En 1606, buscando mejores cargos, viajó a España, donde dos años después publicó su novela pastoril Siglo de Oro en las selvas de Erifile[18] (escrita a imitación de la Arcadia de Sannazaro), apadrinada, entre otros, por Lope de Vega y Quevedo. En España también —como ya mencioné (cf. supra, n. II)—, en 1607 obtuvo el grado de doctor en la Universidad de Sigüenza aunque Balbuena aspiraba a un puesto en la metrópoli, lo que consiguió, en 1608, fue ser elegido abad de Jamaica, a donde partió a mediados de 1610. No era la administración de esta pequeña, pobre y remota colonia el fin que perseguía, por lo que siguió tratando de mejorar su situación. En 1619 fue nombrado obispo de Puerto Rico, aunque llegó a la isla en 1623.[19] Cinco años más tarde, el poeta tuvo la satisfacción de ver impresa, en España, su última obra, El Bernardo o la Victoria de Roncesvalles:[20] "el que pudo ser su primer libro, aquel en que había mucho del vigor juvenil de un bachiller entregado a la lectura de epopeyas cortesanas, que acariciaba ensueños de poderío en un pueblecito de la Nueva Galicia, Salió en 1624: veinte años después de publicada de la Grandeza mexicana”.[21]

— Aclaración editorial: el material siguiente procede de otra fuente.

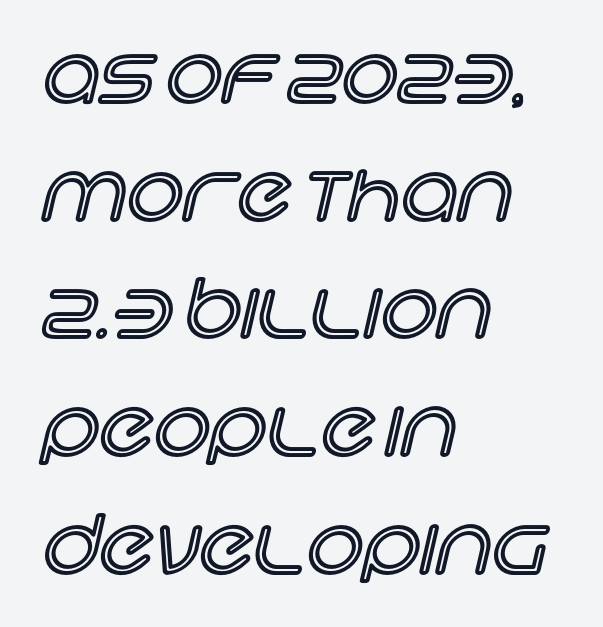
Q: Is the text italic (slanted)? A: Yes.
Q: Is the text underlined? A: No.
Q: How is the paragraph aligned? A: Left-aligned.
Q: Is the spacing between letters normal or unusually wide? A: Normal.
Q: Is the spacing between lines tight, normal or loose? A: Normal.
Q: Width (condensed, normal, or wide)? A: Normal.
Q: x-height? A: Large.
Q: Monospaced? A: No.

En Puerto Rico, en sus últimos años, Balbuena sufrió la pérdida de su biblioteca y de su casa, durante un ataque de piratas holandeses a San Juan de Puerto Rico en 1625.[22] Murió dos años más tarde, el II de octubre de 1627.

El Siglo de Oro, Grandeza mexicana y El Bernardo no fue lo único que escribió Balbuena. Hay otras obras de menor aliento e importancia e, incluso, obras perdidas. Esas obras menores forman parte no del poema, pero sí del volumen que contiene la Grandeza mexicana. La primera es una Canción al excelentísimo Conde de Lemos y Andrade, Marqués de Sarria, Presidente del Real Consejo de Indias, poesía encomiástica de circunstancia, de poco valor. La segunda, con las mismas características, se titula Al doctor don Antonio de Ávila y Cadena, arcediano de la Nueva Galicia. Dentro de este documento, conocido como Carta al Arcediano, están incluidas las cuatro composiciones juveniles que le fueron premiadas en otros tantos certámenes. Estos son: las redondillas “Carta en que Cristo consuela al alma”, del certamen de Corpus Christi de 1585; otras redondillas parte de las fiestas para recibir al virrey marqués de Villamanrique, en 1586; otra composición en redondillas “Carta al rey Felipe ii, que está en el cielo, en agradecimiento de haber enviado por virrey a Don Luis de Velasco”, del certamen de recepción al virrey en 1590, dentro del cual también triunfó con unas quintillas tituladas “Exposición de una empresa de tres diademas y siete letras sobre ellas que decían ALEGRÍA”. Todas estas composiciones tienen un interés meramente histórico: obras juveniles que dan cuenta de la afición y auténtica vocación por las letras y los versos de Bernardo de Balbuena. Otro testimonio de esa vocación, aunque es difícil saber si se trata de una obra juvenil, es el escrito que se encuentra al final del volumen de la Grandeza mexicana, en prosa, sin relación con la obra principal, que el autor llama “Compendio apologético en alabanza de la poesía”: una auténtica “poética” y posiblemente de los primeros “ensayos” sobre el  tema, escritos en Nueva España.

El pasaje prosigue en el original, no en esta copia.